Vytenis Andriukaitis calls ‘fake news’ on Trump drug price blame game. Tariffs on medicines – if ever proposed by the US – would be ‘a humanitarian tragedy’, he says
Health commissioner Vytenis Andriukaitis has flatly rejected the accusation by Donald Trump that “freeloading” Europe is benefiting from US pharmaceutical research. “Sorry to say, it’s fake news; it’s absolutely fake news,” he told Science|Business.
Trump blames high drug prices in the US in part on foreign countries that gain from significant US investment in medical research without paying their fair share of the costs. The White House Council of Economic Advisers issued a report in February that described “free-riding” by wealthy countries as “the root of the problem.”
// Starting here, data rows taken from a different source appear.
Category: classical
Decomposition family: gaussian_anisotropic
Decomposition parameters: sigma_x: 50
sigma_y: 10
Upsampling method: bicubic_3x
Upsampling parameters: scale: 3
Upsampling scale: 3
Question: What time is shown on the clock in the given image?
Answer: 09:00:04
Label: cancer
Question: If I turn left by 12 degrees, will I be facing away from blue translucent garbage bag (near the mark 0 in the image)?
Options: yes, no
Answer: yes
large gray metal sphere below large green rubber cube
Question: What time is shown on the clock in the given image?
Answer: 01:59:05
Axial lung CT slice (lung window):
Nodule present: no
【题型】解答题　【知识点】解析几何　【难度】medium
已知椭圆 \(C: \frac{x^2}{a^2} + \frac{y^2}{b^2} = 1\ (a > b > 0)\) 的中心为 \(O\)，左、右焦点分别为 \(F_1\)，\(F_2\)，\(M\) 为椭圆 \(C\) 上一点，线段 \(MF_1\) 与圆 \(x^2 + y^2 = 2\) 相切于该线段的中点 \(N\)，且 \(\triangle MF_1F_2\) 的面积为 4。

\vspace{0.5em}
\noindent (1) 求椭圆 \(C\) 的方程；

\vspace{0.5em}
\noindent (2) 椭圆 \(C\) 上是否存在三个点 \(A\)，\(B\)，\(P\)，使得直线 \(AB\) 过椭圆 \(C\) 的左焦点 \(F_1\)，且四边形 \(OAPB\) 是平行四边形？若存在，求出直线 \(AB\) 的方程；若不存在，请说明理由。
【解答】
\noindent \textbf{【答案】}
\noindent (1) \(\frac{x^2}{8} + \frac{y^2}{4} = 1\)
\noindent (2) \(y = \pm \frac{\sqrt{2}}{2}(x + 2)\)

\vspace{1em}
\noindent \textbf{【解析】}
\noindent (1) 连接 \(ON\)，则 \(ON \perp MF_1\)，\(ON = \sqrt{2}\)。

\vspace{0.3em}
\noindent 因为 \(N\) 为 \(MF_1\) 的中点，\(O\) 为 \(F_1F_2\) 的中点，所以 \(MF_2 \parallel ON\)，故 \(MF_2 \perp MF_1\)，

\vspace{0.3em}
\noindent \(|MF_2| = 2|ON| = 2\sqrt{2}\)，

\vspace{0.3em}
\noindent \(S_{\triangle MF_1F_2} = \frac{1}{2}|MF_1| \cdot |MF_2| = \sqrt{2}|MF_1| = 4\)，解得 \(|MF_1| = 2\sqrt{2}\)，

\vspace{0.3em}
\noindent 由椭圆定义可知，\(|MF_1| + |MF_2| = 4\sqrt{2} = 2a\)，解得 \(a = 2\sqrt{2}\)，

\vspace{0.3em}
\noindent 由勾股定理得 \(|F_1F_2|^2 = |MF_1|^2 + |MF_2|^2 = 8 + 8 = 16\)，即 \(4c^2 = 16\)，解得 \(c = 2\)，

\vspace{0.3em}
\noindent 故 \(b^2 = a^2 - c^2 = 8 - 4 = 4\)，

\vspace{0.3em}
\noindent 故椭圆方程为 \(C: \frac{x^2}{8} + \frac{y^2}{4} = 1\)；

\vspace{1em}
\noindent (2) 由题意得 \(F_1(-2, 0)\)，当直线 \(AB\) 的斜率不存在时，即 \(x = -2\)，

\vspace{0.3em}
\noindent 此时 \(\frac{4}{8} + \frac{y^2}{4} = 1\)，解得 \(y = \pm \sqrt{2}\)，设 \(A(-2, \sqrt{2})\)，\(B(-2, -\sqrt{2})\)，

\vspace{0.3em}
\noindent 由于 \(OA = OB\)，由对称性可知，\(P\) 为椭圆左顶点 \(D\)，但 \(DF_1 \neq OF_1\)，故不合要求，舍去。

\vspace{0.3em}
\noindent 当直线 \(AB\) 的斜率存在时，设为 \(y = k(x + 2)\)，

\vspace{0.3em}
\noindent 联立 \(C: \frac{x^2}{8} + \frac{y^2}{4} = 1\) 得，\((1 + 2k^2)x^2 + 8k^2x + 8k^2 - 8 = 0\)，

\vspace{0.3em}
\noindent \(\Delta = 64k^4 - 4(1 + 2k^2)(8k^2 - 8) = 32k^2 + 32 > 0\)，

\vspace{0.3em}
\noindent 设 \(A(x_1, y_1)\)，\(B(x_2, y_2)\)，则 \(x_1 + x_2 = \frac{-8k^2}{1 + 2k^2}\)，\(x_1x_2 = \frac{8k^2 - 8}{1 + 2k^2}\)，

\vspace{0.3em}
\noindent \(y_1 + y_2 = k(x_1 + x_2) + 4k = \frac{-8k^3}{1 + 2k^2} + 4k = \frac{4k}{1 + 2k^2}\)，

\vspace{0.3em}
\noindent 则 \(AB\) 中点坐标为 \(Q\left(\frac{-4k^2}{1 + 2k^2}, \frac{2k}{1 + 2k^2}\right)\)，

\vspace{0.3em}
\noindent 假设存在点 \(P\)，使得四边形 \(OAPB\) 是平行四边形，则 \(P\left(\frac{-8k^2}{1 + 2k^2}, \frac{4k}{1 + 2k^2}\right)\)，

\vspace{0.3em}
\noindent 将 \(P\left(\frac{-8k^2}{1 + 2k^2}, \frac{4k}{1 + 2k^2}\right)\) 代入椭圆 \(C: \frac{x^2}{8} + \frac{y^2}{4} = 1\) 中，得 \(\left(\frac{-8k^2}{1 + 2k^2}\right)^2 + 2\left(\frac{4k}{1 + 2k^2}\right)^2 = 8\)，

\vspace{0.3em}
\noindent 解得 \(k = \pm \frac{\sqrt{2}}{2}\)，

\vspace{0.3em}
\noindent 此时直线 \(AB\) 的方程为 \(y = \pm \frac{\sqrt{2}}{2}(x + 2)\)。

“America will not be cheated any longer and especially will not be cheated by foreign countries,” the president said in a speech on May 11. Foreign governments, “extort unreasonably low prices from US drugmakers,” he said, setting out his plan to deliver on a campaign pledge to bring down the price of pharmaceuticals.
At the same time, the Department of Health and Human Services published the American Patients First plan, its blueprint for cutting drug prices. As one of “four major problems” to be addressed, it includes foreign governments that, “freeload off of American innovation.”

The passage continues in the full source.